**Assignment:**
The answer must give back every line of the data exactly, with no pictures.
*** Stored data Section Begins ***
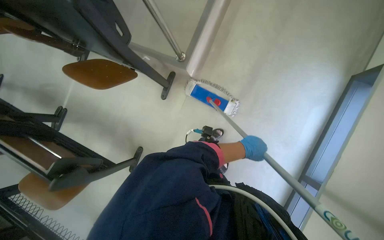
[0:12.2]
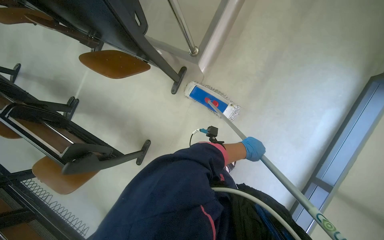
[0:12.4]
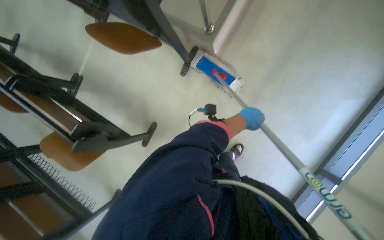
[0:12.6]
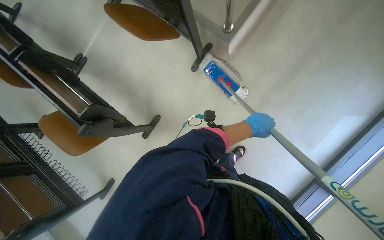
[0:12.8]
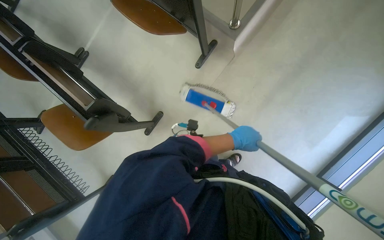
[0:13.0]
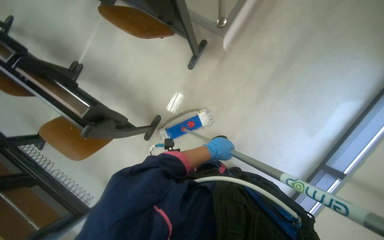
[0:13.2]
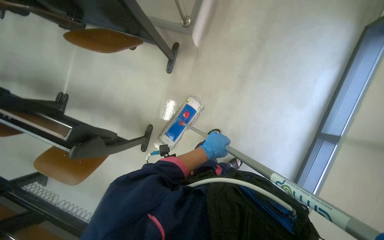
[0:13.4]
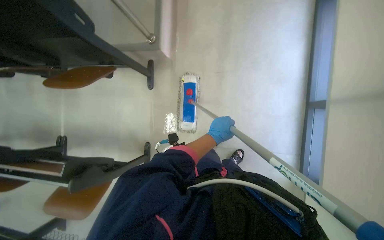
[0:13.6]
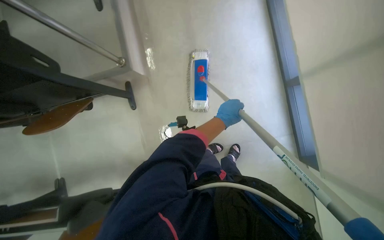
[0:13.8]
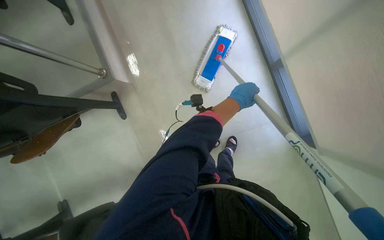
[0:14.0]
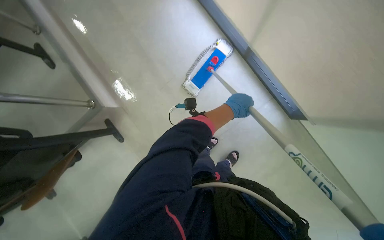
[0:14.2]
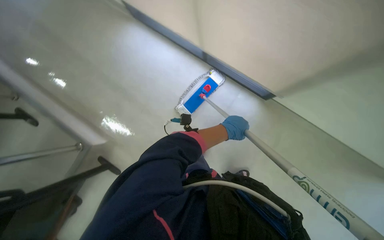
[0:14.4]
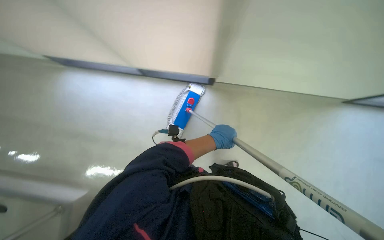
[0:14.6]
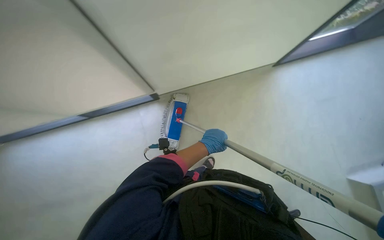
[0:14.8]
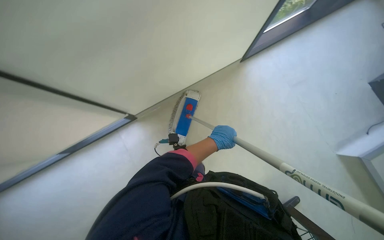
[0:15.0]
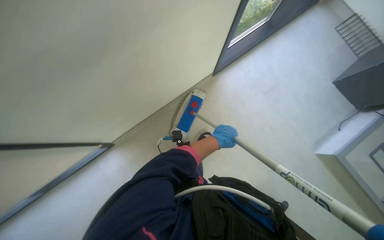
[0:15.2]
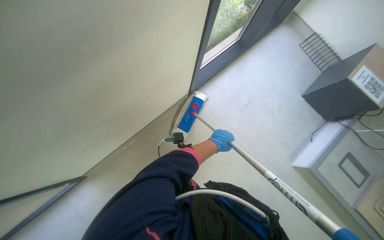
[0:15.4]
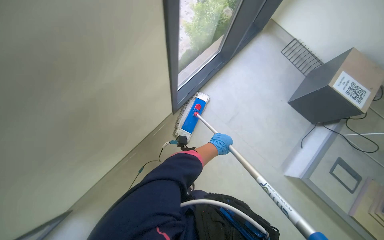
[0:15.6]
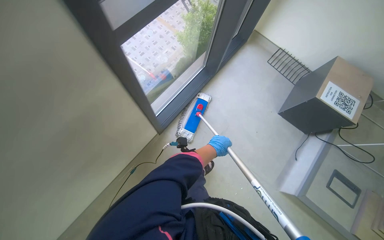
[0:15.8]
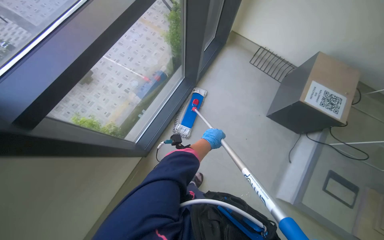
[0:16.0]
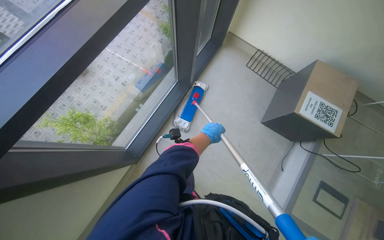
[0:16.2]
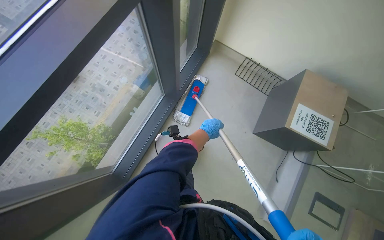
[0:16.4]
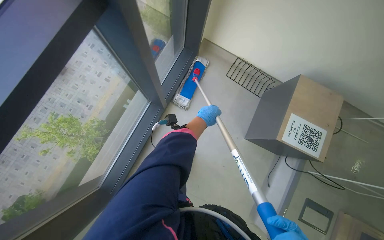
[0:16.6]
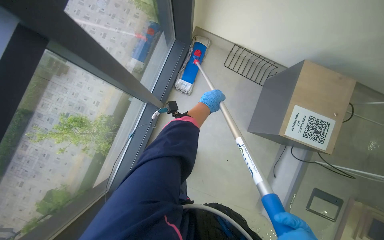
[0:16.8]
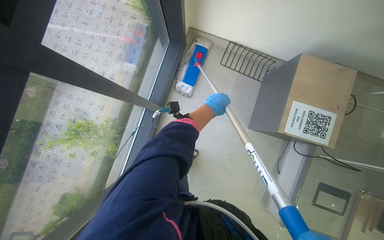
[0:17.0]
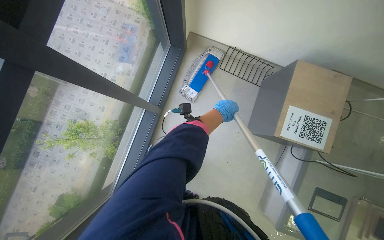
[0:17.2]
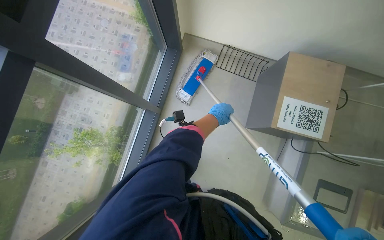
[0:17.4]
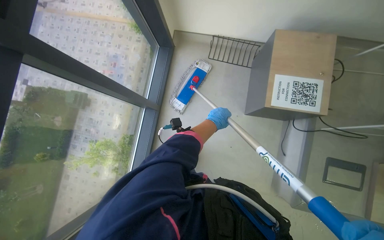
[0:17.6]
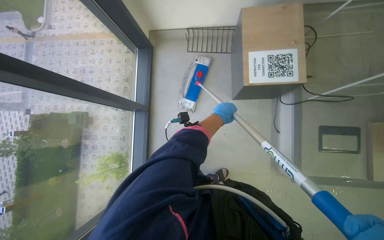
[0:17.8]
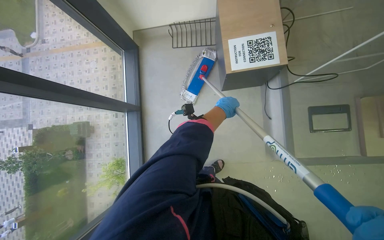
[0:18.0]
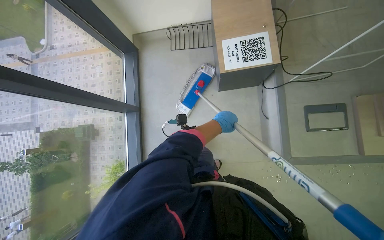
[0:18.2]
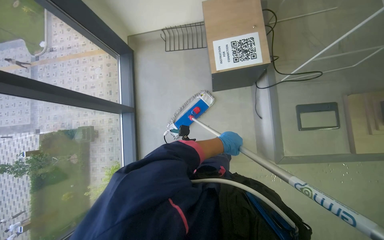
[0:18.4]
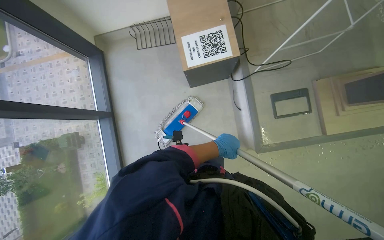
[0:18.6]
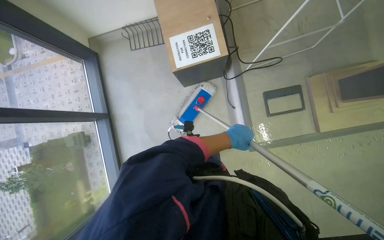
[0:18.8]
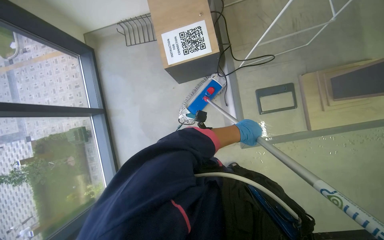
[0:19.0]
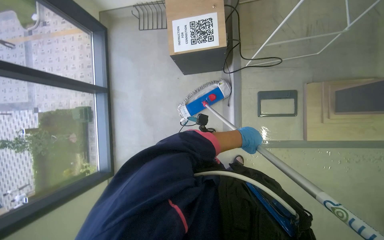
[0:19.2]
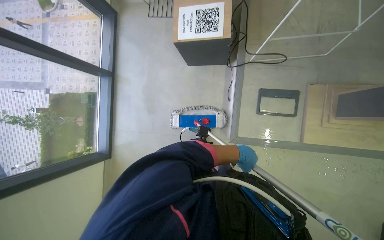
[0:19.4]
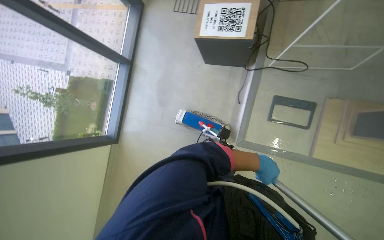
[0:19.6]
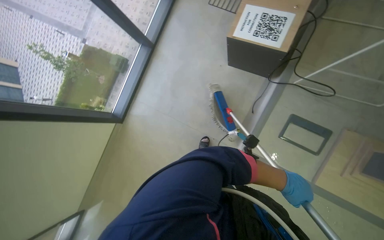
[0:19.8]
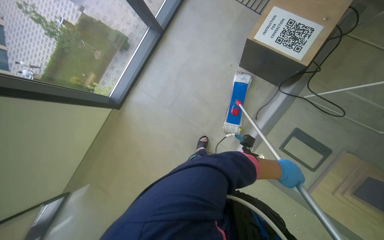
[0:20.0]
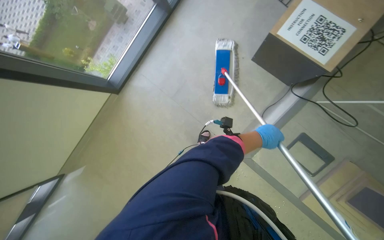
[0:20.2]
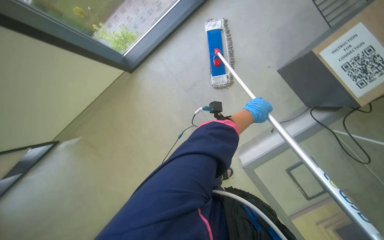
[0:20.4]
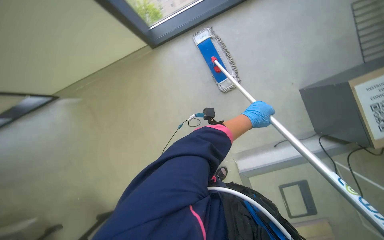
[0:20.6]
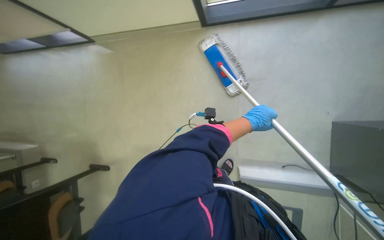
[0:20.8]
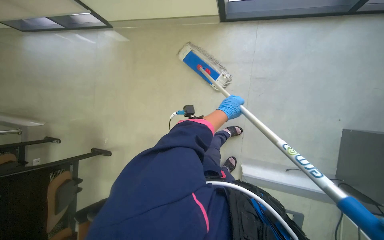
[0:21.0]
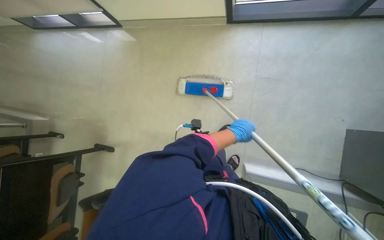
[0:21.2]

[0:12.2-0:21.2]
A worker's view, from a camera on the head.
*** Stored data Section Ends ***
**Answer for the task:**
[0:12.2]
[0:12.4]
[0:12.6]
[0:12.8]
[0:13.0]
[0:13.2]
[0:13.4]
[0:13.6]
[0:13.8]
[0:14.0]
[0:14.2]
[0:14.4]
[0:14.6]
[0:14.8]
[0:15.0]
[0:15.2]
[0:15.4]
[0:15.6]
[0:15.8]
[0:16.0]
[0:16.2]
[0:16.4]
[0:16.6]
[0:16.8]
[0:17.0]
[0:17.2]
[0:17.4]
[0:17.6]
[0:17.8]
[0:18.0]
[0:18.2]
[0:18.4]
[0:18.6]
[0:18.8]
[0:19.0]
[0:19.2]
[0:19.4]
[0:19.6]
[0:19.8]
[0:20.0]
[0:20.2]
[0:20.4]
[0:20.6]
[0:20.8]
[0:21.0]
[0:21.2]

[0:12.2-0:21.2]
A worker's view, from a camera on the head.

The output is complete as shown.